_WORK INSTRUCTION:_ Among the entries below, take the line with "Find the sling" and the line with "[-5.281,-5.283,12.703,18.399,0.450,12.270,0,28,-2]", and output them and every line between them exactly, with nothing else.

START DATA PROVIDED

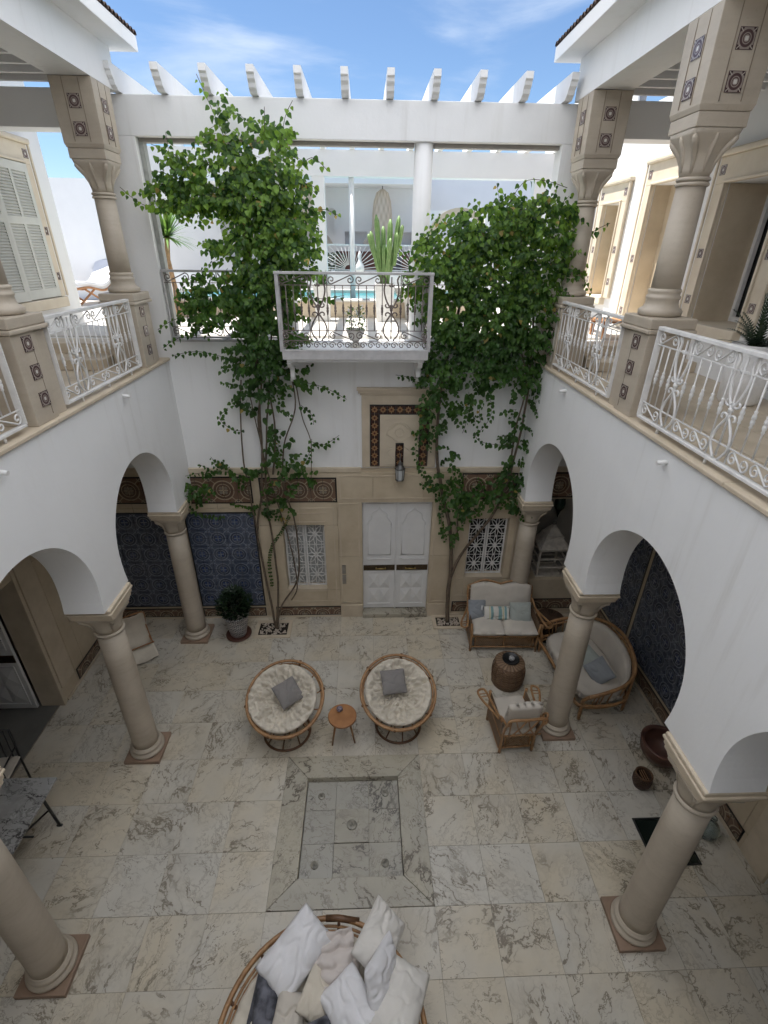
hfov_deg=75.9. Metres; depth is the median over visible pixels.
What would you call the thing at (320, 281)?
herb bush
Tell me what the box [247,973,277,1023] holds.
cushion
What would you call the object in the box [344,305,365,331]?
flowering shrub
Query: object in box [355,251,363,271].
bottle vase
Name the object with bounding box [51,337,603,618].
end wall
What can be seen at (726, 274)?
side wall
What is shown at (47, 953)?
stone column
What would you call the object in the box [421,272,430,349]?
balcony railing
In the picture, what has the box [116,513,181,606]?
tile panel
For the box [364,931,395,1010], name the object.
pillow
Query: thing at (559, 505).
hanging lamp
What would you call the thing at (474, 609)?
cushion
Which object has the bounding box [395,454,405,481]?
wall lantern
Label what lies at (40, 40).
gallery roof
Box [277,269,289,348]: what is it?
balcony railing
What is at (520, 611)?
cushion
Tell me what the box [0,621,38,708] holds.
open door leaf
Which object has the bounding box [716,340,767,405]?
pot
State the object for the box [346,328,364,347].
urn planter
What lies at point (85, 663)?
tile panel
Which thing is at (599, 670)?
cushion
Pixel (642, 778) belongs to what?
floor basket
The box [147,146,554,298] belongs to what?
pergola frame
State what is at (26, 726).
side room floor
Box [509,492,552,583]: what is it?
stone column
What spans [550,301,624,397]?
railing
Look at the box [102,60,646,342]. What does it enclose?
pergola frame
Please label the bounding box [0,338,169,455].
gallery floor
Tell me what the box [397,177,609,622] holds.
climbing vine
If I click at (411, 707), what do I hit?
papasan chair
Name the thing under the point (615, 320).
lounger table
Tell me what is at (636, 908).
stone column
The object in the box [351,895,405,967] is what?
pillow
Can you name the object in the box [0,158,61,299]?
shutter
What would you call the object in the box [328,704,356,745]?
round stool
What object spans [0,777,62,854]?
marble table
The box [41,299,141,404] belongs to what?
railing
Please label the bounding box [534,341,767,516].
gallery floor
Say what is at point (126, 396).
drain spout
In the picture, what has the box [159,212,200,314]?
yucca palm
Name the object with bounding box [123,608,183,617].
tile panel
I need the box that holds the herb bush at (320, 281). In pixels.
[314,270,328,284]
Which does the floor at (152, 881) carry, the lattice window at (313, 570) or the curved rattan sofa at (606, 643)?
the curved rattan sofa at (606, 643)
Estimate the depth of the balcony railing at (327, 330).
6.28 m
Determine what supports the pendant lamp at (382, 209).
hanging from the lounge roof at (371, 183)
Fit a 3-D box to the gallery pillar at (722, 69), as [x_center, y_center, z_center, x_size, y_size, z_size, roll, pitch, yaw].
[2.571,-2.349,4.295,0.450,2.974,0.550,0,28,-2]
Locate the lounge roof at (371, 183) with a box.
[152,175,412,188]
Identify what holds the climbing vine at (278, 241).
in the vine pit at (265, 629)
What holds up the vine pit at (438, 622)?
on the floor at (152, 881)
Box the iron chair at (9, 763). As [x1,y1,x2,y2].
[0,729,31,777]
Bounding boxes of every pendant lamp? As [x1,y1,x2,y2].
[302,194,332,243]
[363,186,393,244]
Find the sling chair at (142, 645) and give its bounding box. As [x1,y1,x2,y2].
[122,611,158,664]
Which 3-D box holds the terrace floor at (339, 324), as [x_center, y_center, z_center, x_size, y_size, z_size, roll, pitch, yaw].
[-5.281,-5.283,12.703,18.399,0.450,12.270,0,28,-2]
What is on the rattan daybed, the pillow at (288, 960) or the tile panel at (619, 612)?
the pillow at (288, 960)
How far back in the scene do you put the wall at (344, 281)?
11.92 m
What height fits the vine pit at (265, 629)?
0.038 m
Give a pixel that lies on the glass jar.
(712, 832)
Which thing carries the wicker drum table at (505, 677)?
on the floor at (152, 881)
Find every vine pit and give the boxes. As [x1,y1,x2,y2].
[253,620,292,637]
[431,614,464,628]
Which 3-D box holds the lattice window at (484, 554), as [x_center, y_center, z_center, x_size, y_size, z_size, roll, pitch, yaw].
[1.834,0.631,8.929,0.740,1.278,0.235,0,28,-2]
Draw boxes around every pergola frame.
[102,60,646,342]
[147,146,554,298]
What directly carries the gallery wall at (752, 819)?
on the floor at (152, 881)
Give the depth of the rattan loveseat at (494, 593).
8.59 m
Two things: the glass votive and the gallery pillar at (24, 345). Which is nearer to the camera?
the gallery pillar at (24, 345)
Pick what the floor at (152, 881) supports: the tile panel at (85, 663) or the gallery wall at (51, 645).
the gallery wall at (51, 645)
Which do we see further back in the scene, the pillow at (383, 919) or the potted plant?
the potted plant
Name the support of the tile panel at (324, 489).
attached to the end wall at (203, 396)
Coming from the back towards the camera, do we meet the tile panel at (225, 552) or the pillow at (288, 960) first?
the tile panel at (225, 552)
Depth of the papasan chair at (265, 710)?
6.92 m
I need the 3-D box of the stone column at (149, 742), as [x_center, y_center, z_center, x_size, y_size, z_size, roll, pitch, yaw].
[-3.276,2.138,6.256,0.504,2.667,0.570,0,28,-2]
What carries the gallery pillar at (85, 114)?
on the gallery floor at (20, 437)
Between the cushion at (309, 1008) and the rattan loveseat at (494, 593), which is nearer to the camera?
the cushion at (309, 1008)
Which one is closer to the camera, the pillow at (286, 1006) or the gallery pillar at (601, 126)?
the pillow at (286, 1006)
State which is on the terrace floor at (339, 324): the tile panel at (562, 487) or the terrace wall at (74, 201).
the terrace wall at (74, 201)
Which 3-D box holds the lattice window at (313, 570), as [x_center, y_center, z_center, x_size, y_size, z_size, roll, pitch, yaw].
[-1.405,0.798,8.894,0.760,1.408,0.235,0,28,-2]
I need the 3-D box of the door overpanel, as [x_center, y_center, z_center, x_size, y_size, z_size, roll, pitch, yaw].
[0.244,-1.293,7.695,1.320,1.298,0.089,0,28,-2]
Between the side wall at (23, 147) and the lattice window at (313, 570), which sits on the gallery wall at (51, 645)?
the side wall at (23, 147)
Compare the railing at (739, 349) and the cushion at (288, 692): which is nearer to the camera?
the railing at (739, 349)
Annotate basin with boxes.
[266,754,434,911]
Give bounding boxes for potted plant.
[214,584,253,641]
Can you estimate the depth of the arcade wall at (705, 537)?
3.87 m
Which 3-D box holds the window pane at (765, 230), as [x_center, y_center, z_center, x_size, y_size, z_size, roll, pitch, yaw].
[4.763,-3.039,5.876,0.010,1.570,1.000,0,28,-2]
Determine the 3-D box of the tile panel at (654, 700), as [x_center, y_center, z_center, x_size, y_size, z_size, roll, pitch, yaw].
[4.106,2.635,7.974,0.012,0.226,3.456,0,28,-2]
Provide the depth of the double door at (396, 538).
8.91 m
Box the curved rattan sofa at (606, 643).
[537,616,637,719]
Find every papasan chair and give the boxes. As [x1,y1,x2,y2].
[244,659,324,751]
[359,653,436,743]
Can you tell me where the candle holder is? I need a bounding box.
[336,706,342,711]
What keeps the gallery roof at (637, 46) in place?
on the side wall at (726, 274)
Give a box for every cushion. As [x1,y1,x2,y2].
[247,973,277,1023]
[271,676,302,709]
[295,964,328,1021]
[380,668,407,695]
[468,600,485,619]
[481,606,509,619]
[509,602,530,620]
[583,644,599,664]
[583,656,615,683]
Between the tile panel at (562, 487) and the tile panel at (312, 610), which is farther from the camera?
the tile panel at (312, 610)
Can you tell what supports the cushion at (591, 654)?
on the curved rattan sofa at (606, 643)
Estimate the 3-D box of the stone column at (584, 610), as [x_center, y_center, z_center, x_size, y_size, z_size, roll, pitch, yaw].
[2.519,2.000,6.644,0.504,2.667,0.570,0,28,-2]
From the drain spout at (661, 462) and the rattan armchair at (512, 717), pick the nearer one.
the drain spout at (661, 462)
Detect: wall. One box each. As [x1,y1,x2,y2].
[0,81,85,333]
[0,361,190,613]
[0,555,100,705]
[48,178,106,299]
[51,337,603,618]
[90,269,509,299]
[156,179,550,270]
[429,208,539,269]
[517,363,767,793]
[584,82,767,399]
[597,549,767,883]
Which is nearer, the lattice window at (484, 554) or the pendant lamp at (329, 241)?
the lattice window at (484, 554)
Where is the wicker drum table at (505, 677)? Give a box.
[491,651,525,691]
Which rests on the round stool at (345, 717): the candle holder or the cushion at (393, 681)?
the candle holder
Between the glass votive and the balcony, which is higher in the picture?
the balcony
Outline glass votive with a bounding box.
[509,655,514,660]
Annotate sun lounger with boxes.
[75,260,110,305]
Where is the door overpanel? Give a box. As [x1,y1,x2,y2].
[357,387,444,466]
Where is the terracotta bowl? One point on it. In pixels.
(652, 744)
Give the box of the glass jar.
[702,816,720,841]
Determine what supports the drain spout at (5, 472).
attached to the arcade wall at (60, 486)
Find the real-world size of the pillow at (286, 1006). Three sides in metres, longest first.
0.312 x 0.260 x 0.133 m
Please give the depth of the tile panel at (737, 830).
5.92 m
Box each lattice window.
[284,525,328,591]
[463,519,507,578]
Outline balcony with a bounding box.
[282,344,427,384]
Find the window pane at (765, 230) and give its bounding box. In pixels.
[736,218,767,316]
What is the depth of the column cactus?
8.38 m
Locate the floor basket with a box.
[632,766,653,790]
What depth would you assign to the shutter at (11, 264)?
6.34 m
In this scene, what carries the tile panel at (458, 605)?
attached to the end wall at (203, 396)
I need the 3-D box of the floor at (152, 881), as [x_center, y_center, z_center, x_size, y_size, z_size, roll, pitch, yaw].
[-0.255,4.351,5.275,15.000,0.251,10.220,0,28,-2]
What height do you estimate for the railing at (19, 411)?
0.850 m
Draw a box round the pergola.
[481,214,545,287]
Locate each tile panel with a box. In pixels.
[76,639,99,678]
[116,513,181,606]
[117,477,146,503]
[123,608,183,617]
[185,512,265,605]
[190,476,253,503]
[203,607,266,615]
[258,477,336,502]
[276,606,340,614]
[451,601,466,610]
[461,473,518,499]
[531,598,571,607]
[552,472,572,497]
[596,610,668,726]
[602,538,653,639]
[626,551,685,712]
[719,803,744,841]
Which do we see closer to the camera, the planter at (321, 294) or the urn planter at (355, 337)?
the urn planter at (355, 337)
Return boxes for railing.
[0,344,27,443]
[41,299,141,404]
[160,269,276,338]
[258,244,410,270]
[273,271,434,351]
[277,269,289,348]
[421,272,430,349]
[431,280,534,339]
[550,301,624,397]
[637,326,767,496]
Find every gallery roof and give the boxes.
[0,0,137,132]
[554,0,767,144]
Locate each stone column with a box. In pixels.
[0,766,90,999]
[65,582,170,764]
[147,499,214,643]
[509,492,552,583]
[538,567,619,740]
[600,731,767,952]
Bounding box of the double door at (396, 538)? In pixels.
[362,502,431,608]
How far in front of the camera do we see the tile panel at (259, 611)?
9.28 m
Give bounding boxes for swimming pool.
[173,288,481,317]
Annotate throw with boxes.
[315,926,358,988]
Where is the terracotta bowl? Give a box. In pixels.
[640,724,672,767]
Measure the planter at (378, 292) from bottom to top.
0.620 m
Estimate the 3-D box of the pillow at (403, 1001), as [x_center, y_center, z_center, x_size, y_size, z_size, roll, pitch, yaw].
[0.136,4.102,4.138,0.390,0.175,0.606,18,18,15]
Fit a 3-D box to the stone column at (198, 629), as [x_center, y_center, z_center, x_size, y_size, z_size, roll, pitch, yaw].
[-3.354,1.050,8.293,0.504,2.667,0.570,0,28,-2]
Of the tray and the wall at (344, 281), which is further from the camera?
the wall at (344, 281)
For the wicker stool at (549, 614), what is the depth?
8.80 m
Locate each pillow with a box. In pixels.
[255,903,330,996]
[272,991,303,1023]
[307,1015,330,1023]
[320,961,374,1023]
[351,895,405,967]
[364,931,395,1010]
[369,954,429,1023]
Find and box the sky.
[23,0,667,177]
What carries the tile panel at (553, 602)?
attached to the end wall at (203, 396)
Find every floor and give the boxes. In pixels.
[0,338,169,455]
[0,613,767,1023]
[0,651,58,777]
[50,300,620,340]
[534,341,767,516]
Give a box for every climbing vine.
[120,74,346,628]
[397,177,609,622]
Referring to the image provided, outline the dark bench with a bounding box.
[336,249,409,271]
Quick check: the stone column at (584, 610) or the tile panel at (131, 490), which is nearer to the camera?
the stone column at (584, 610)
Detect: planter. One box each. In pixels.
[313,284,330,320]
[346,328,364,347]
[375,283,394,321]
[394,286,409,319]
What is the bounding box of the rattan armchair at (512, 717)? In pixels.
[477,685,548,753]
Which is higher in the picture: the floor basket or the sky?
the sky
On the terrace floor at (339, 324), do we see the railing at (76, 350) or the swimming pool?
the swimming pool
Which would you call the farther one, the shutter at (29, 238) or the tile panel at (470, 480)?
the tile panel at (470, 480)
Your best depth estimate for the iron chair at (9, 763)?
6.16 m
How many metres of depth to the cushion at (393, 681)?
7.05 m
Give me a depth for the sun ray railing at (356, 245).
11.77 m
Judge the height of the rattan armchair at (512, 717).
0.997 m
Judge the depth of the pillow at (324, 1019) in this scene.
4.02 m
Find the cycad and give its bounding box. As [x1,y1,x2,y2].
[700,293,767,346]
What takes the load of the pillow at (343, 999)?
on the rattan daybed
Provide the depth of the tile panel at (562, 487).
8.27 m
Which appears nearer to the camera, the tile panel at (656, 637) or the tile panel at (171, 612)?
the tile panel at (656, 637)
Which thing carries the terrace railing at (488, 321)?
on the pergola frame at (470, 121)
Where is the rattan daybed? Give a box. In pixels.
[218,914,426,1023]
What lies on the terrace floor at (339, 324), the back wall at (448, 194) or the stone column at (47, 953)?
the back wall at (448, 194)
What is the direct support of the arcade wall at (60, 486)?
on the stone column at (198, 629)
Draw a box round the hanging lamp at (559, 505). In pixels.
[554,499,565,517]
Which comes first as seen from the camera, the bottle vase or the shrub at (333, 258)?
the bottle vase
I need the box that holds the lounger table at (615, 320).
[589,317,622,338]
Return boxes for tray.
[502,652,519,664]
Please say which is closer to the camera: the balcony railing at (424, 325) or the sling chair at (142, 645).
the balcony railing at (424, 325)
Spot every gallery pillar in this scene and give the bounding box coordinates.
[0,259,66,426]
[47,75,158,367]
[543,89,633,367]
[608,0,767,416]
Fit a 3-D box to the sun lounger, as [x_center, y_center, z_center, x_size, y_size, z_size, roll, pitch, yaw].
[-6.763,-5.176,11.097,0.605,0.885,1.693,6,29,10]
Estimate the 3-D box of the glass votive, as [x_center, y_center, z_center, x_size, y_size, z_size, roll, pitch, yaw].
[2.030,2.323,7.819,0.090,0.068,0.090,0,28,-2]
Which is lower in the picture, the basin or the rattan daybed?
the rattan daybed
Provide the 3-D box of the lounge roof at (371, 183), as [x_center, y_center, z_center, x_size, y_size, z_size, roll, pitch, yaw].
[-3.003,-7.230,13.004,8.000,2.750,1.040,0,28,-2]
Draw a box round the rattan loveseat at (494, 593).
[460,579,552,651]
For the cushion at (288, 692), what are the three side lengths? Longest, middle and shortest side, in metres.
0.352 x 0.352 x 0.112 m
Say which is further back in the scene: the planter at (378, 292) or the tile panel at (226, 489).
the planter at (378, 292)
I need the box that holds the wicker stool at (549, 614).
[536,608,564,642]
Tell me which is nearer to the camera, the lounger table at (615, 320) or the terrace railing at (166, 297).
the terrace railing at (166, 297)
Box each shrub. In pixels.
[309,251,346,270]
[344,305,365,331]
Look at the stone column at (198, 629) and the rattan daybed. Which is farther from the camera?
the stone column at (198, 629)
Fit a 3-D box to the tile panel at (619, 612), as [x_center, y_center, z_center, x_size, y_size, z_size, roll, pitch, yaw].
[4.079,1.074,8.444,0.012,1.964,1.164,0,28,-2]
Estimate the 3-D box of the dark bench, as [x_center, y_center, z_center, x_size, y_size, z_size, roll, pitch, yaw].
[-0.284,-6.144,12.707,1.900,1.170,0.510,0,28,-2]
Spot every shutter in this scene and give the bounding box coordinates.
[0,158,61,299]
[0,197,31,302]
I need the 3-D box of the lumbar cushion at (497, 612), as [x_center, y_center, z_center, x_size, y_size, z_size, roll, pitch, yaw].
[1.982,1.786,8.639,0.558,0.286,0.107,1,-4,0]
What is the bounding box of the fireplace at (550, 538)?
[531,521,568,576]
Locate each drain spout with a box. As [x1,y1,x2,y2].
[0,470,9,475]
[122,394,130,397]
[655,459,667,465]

END DATA PROVIDED
START DATA PROVIDED

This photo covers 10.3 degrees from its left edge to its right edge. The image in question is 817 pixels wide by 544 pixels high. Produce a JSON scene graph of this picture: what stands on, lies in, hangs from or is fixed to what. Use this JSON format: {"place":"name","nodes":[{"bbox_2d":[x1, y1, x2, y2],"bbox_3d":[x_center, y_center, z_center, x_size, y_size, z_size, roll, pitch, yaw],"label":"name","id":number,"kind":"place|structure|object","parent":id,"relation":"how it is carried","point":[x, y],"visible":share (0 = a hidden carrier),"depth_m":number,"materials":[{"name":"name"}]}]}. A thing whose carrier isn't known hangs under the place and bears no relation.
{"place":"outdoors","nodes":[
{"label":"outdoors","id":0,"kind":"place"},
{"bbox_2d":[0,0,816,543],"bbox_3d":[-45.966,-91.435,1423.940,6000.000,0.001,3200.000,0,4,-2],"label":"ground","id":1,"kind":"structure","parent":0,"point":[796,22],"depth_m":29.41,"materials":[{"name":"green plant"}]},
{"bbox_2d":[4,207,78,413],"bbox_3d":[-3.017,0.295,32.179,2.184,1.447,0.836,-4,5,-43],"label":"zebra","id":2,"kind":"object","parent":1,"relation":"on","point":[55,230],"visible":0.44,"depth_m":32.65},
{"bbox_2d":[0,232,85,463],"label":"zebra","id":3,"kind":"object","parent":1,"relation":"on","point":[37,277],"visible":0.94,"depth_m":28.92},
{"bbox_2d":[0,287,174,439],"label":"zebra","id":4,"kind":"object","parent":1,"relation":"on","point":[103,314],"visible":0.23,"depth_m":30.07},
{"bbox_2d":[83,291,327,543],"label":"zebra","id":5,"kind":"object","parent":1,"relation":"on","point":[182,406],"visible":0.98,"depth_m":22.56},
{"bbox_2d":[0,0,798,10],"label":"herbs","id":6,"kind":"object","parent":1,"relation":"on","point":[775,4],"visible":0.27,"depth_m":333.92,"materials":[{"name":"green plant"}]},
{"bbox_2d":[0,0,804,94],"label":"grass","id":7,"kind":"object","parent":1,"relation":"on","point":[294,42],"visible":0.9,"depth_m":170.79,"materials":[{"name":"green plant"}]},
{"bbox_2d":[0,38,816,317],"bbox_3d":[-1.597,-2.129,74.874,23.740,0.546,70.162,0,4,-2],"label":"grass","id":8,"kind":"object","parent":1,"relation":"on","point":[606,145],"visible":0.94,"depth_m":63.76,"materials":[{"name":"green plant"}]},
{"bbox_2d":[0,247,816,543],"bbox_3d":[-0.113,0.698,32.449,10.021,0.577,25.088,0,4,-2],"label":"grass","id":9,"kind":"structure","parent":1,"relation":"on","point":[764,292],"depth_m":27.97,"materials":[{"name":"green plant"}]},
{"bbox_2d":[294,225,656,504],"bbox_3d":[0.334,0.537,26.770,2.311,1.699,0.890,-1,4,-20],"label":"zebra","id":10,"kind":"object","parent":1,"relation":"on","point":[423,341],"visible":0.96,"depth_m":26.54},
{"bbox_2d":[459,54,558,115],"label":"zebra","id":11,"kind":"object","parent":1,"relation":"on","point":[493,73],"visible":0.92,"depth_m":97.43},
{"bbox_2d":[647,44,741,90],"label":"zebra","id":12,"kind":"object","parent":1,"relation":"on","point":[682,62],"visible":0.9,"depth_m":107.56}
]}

END DATA PROVIDED
START DATA PROVIDED

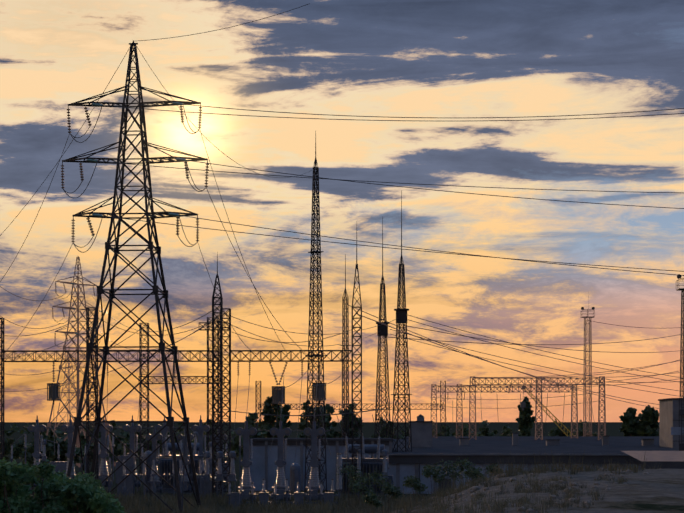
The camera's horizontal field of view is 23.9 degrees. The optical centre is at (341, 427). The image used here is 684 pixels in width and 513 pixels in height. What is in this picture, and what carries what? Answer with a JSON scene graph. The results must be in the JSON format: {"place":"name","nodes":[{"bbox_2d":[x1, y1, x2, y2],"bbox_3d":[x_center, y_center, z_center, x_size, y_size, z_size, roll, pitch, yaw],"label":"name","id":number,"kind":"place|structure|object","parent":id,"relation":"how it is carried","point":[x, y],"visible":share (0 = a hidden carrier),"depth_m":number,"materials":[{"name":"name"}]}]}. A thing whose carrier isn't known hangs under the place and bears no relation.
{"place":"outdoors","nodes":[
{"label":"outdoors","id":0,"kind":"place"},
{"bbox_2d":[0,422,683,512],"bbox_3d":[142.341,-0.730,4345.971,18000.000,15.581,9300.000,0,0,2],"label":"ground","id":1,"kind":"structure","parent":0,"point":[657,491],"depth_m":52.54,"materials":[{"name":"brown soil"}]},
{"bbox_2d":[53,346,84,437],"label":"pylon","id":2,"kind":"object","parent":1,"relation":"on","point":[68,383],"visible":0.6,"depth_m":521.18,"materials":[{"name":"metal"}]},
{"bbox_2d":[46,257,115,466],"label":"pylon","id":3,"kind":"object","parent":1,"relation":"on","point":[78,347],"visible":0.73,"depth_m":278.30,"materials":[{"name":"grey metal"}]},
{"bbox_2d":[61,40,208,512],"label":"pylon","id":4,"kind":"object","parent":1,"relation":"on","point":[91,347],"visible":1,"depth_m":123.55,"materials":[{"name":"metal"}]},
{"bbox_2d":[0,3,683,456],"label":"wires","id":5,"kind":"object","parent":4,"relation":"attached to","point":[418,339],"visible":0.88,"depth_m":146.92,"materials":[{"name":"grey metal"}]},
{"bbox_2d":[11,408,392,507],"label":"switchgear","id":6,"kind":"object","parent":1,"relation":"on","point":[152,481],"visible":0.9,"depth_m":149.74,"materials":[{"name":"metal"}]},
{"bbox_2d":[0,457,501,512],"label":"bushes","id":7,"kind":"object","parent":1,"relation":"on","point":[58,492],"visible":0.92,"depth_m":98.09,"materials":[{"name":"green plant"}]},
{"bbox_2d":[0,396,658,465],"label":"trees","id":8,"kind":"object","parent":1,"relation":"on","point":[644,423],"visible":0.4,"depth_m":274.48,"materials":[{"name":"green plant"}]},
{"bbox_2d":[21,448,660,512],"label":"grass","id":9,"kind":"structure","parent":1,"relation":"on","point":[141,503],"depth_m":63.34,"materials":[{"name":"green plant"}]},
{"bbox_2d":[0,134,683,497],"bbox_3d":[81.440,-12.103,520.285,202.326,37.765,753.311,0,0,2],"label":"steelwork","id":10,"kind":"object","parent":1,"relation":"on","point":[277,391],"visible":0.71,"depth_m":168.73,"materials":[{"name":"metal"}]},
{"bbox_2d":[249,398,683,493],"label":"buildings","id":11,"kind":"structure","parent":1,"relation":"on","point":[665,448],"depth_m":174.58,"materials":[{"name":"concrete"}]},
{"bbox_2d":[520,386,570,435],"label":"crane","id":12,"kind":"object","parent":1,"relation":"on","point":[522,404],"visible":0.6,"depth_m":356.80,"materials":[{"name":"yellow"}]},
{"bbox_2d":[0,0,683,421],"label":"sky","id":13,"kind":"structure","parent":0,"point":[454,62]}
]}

END DATA PROVIDED

_WRITTEN ANSWER:_
Find the sling chair at (142, 645) and give its bounding box. As [x1,y1,x2,y2].
[122,611,158,664]
Which 3-D box holds the terrace floor at (339, 324), as [x_center, y_center, z_center, x_size, y_size, z_size, roll, pitch, yaw].
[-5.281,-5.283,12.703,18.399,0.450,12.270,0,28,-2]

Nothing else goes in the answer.